The other issue for men is long waiting time and attitude of health care workers were also reported as affecting utilization of the health facility. In most rural communities with PHC facilities, other orthodox options of care may be absent coupled with financial constraints. Most of the perceived factors affecting utilization of health facilities are related to accessibility in terms of skilled manpower; cost; quality service and distance [22]. Community-based interventions should be tailored to the needs of men to maximize uptake, including flexible hours, multiple follow-up visits, and convenient and private access to care. Integrating HIV testing into screening for chronic disease can reduce stigma and increase program efficiency.
Families are greatly impacted by male health seeking behaviour, Men’s partners and families also feel the economic and social impacts of men’s ill health. These include reduced income, increased costs of medical care, the need for family members to become carers, and men’s reduced ability to fulfill their roles as partners, fathers or carers due to physical or mental health problems or premature death.
Life-course approach
Men’s experience of health and wellbeing, health-related attitudes and behaviours and service use change substantially over the life course as a result of both the biological process of ageing and different roles (for example, fatherhood, employment, after leaving full-time work).

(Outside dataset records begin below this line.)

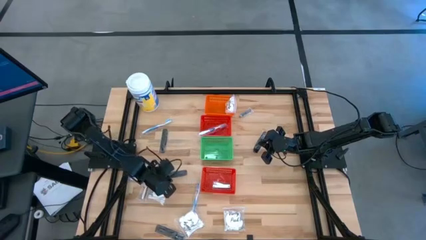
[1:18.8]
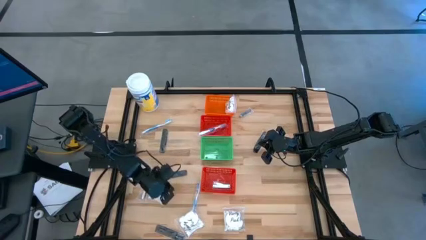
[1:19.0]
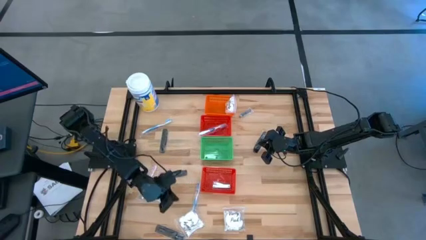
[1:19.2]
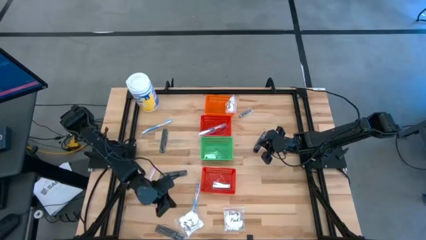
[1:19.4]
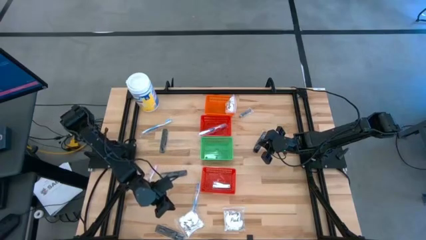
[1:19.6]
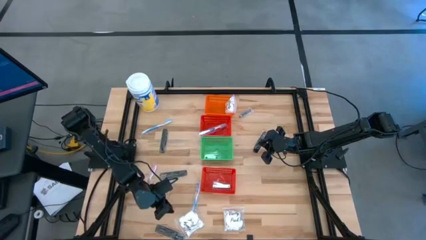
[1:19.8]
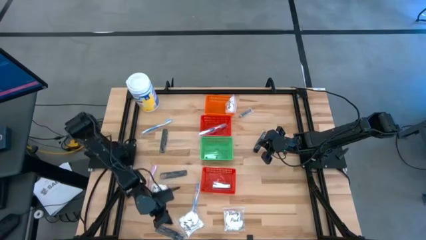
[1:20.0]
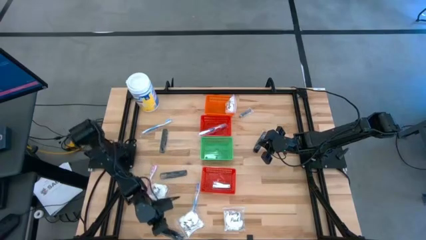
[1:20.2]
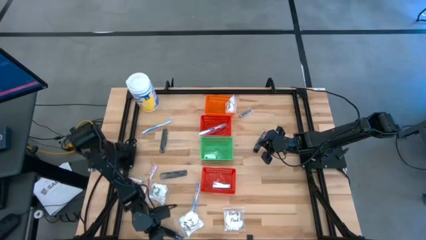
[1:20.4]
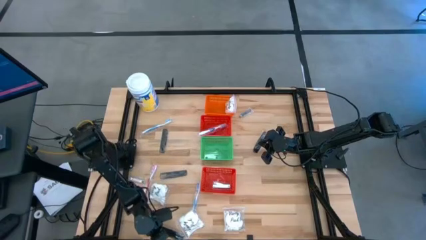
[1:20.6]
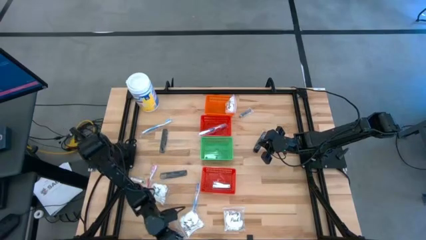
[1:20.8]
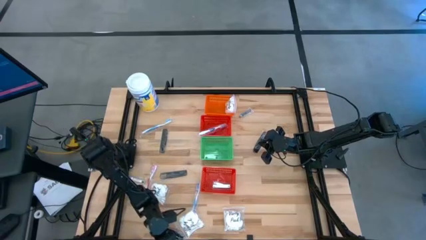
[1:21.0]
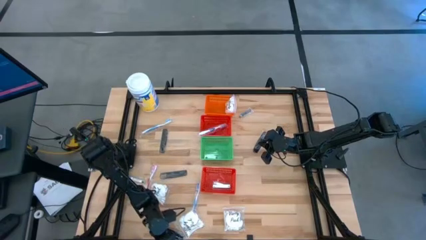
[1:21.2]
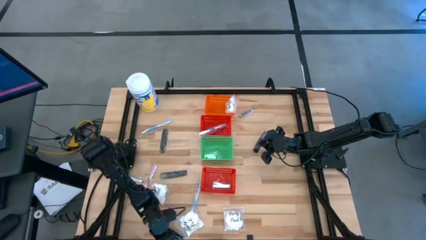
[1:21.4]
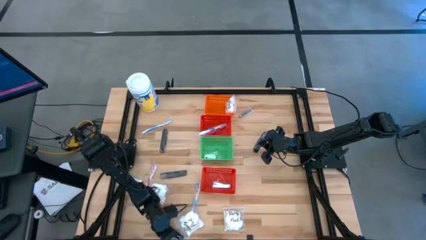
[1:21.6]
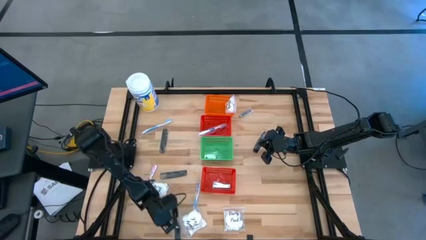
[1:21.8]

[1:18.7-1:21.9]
Adjust the black comb

A life-course approach takes account of and responds to these
differences, as well as identifying the critical transition points that
present opportunities for intervention, such as school to paid work,
becoming a parent, and leaving full-time work [20].

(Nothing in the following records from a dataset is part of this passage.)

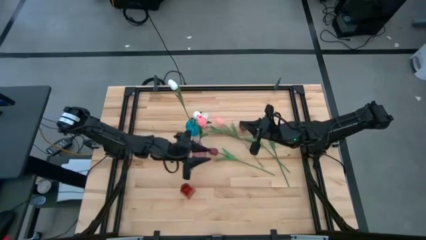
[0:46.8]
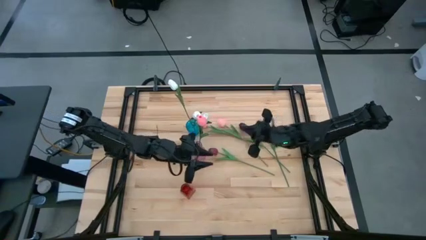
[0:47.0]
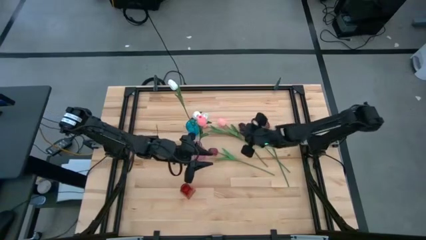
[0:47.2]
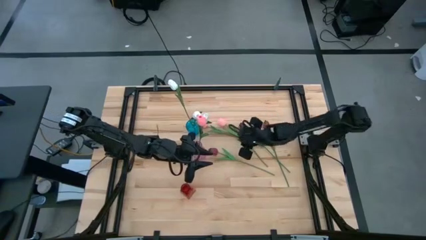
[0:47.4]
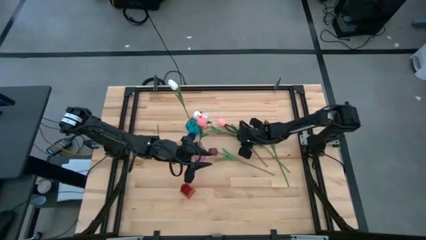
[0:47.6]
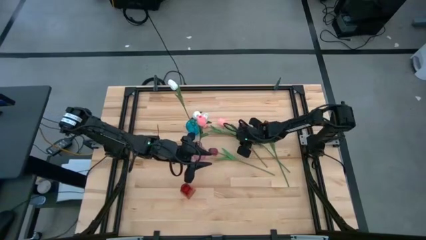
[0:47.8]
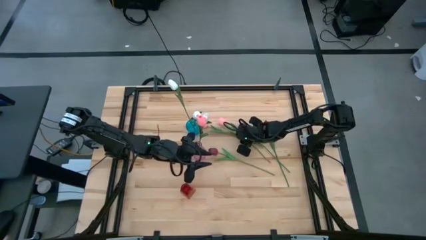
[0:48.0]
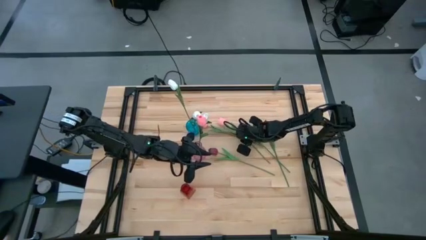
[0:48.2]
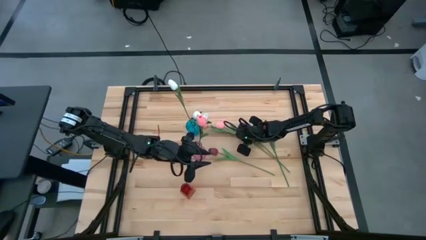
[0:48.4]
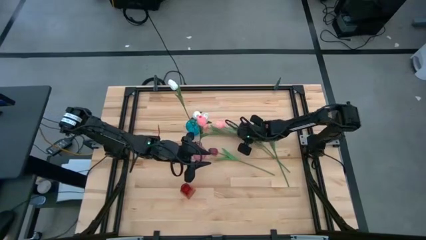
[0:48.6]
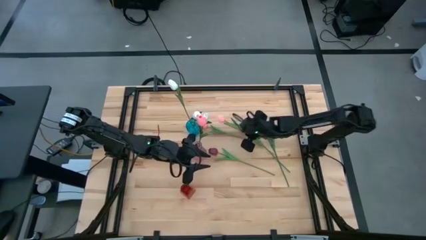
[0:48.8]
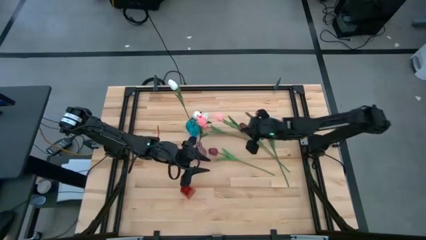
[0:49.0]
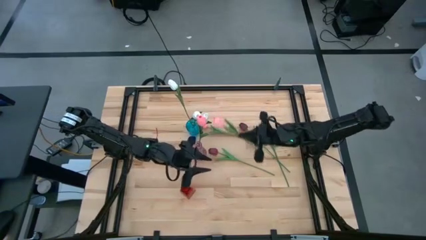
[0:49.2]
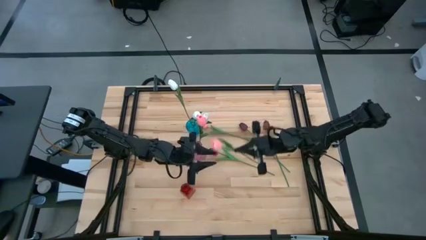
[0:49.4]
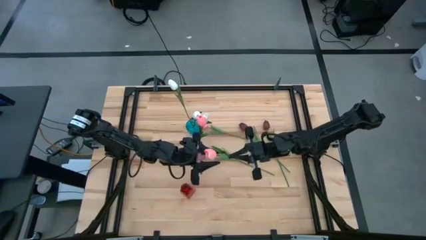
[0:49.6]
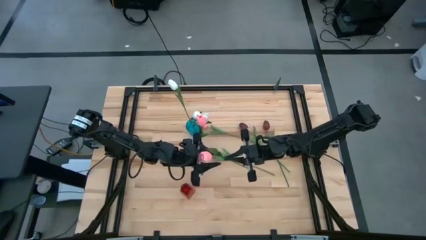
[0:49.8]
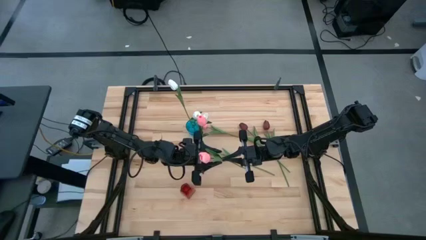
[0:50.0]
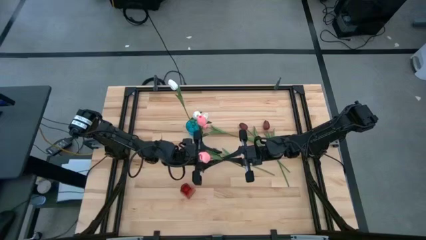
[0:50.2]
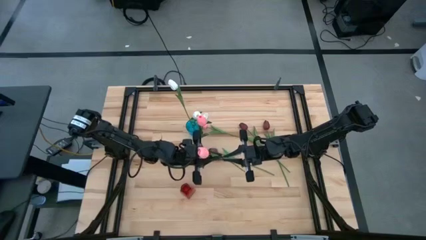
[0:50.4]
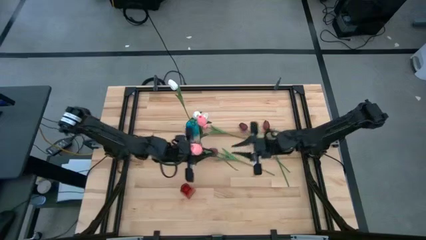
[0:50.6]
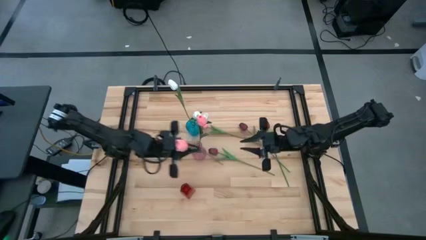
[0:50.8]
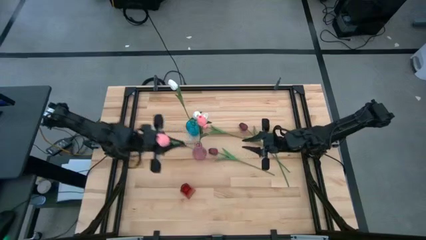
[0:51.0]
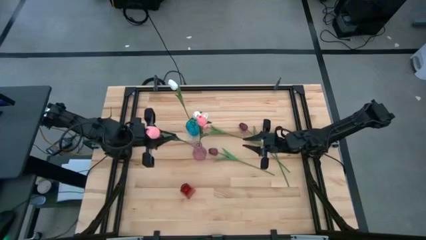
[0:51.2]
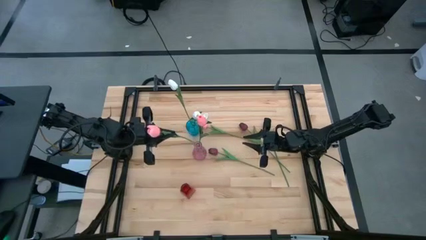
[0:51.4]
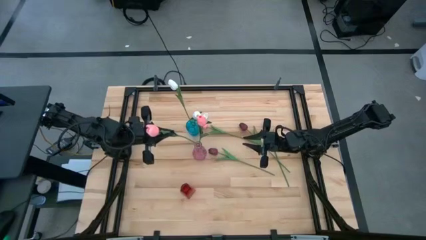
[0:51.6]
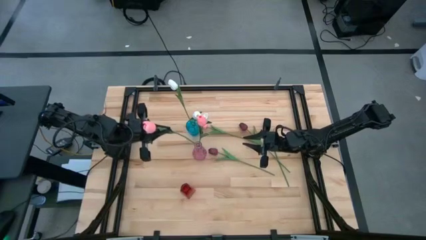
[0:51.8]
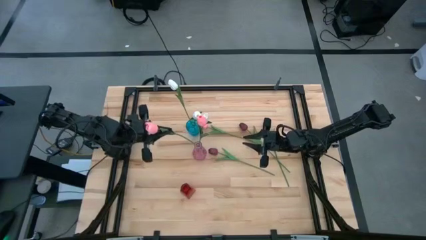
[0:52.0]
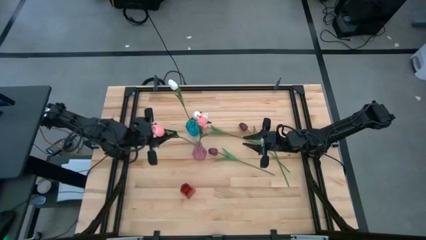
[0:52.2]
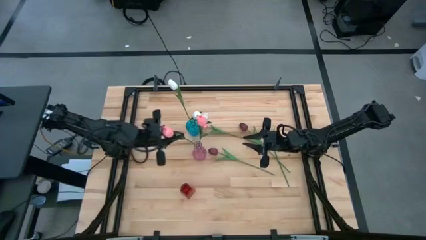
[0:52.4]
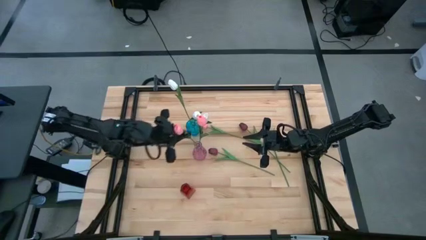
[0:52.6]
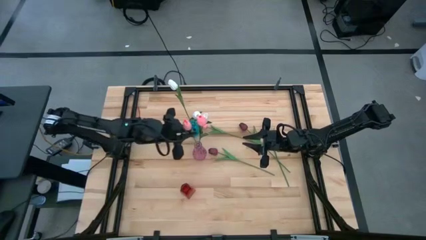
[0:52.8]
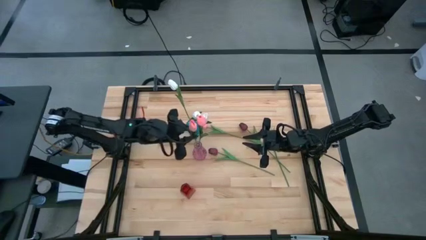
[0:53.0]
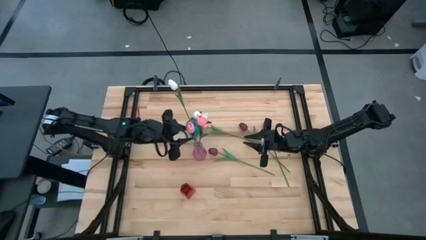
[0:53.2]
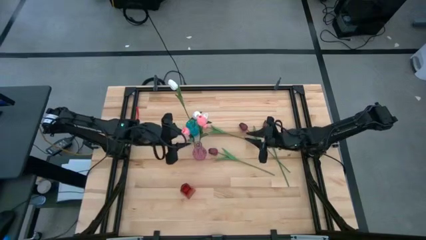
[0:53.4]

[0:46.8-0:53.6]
Task: Sort flowers into vase by color
Put the right pink tulip into the purple vase

Conventional gender constructs affect men’s HIV care seeking behavior and health workers. There is need for male friendly services that addresses these constructs and sustain men in care. Communitybased HIV interventions can overcome barriers associated with facilities and increase men’s engagement in care. Social and livelihood interventions can reduce stigma and poverty. Informants reported a clear and hegemonic notion of masculinity that required men to be and act in control, to have know-how, be strong, resilient, disease free, highly sexual and economically productive. However, such traits were in direct conflict with the ‘good patient’ persona who is expected to accept being HIV positive, take instructions from nurses and engage in health-enabling behaviors such as attending regular hospital visits and refraining from alcohol and unprotected extra-marital sex.
The current state of evidence strongly suggests that communitybased test-and-treat strategies can reduce the gender disparity in
HIV testing and treatment by achieving higher levels of ART coverage
and viral suppression in HIV-positive men.